**Task directions:**
An exact copy of each line below is needed, with no images in it.

Excerpts from a dataset:
=== Section Start ===
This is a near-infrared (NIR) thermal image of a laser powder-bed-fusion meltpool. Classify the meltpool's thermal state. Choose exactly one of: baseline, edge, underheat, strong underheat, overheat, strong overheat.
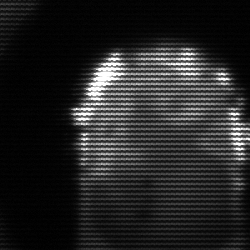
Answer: baseline
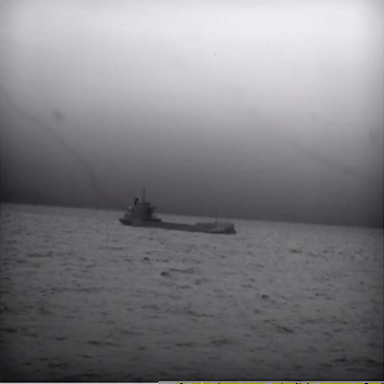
There is a liner in the infrared image.
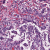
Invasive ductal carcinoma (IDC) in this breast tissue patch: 1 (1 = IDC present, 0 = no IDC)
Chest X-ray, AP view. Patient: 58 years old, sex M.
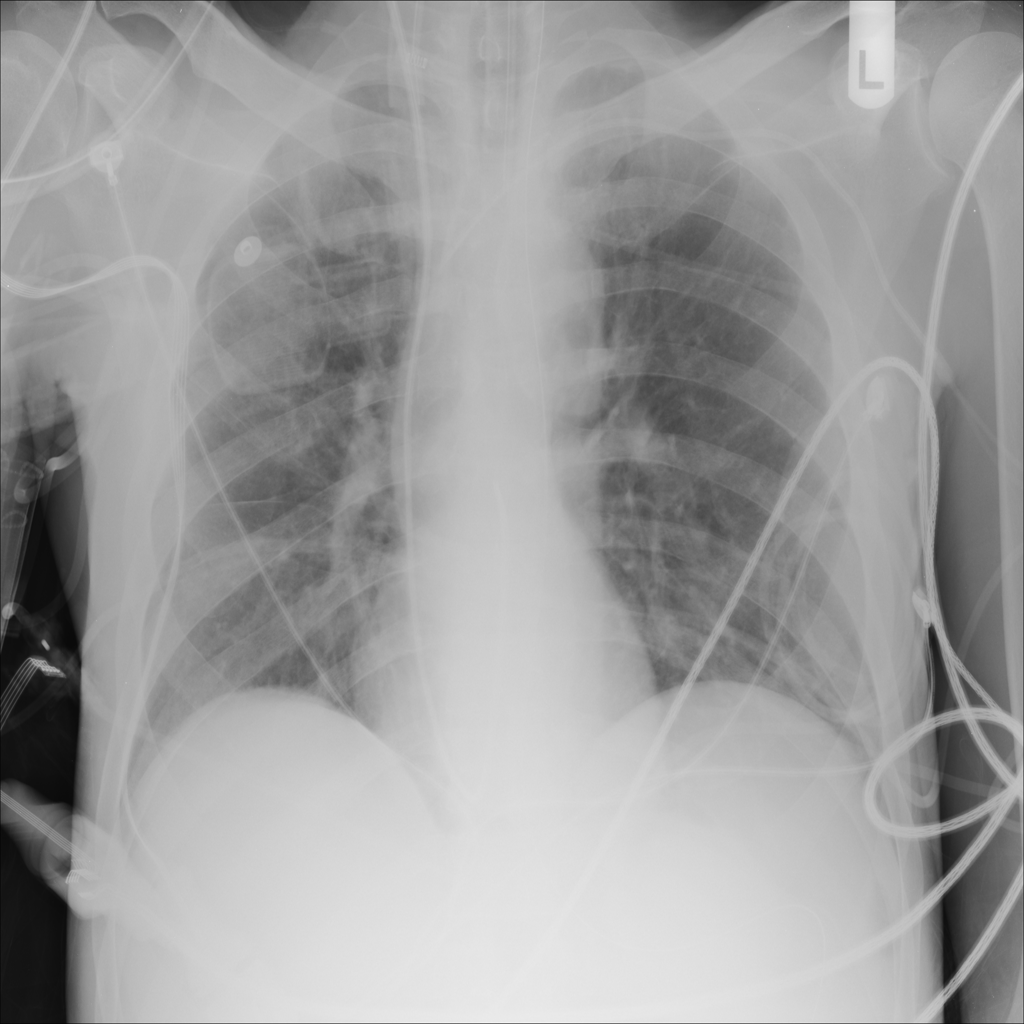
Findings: No Finding
=== Section End ===
**Result for this task:**
This is a near-infrared (NIR) thermal image of a laser powder-bed-fusion meltpool. Classify the meltpool's thermal state. Choose exactly one of: baseline, edge, underheat, strong underheat, overheat, strong overheat.
Answer: baseline
There is a liner in the infrared image.
Invasive ductal carcinoma (IDC) in this breast tissue patch: 1 (1 = IDC present, 0 = no IDC)
Chest X-ray, AP view. Patient: 58 years old, sex M.
Findings: No Finding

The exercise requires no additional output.